4. Simulation should provide useful cost and quality metrics, in addition to time-based metrics. Time-based metrics come essentially for free with simulation, but cost and quality metrics, if you can get them at all, require processing the simulation output through Excel or database queries. If I have multiple scenarios that differ in terms of process structure and task assignment logic, I'd like to see not only differences in cycle time but differences in activity-based costing (including indirect costs) and differences in quality or risk metrics as well. The notion of process (and subprocess) end states plays a key role here, as it does generally in BPMN Method and Style. Here simulation methodology interacts with modeling methodology.

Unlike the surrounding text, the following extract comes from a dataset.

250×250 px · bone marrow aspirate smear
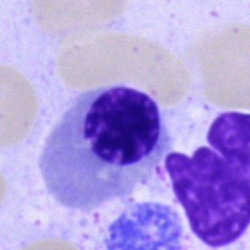

Impression → normoblast.

5. Simulation should actively assist the user with setting model parameters to match known aggregated metrics of the as-is process. One thing almost everyone can agree on about simulation is Garbage In Garbage Out. So the first thing you MUST do is to accurately model the as-is process and make sure that simulation matches known metrics in the aggregate. Knowing the outputs - e.g. 75% of loan applications of a certain type are approved, and it takes 3 days +/- 25%. - does not mean it is easy for the user to set the branching ratios at every gateway, the probabilities at every event, or even the mean duration of each specific task. The tool should help you do that, at least as a starting point. Once you have a set of reasonable simulation parameters for an as-is model that matches known aggregate results, you need to justify any change to each parameter when you model the to-be.

There is a lot more detail behind each of these, but it's a good place to stop. I am working with a tool now in development that tries to do it right. I'll be writing more about this topic as the tool gets better.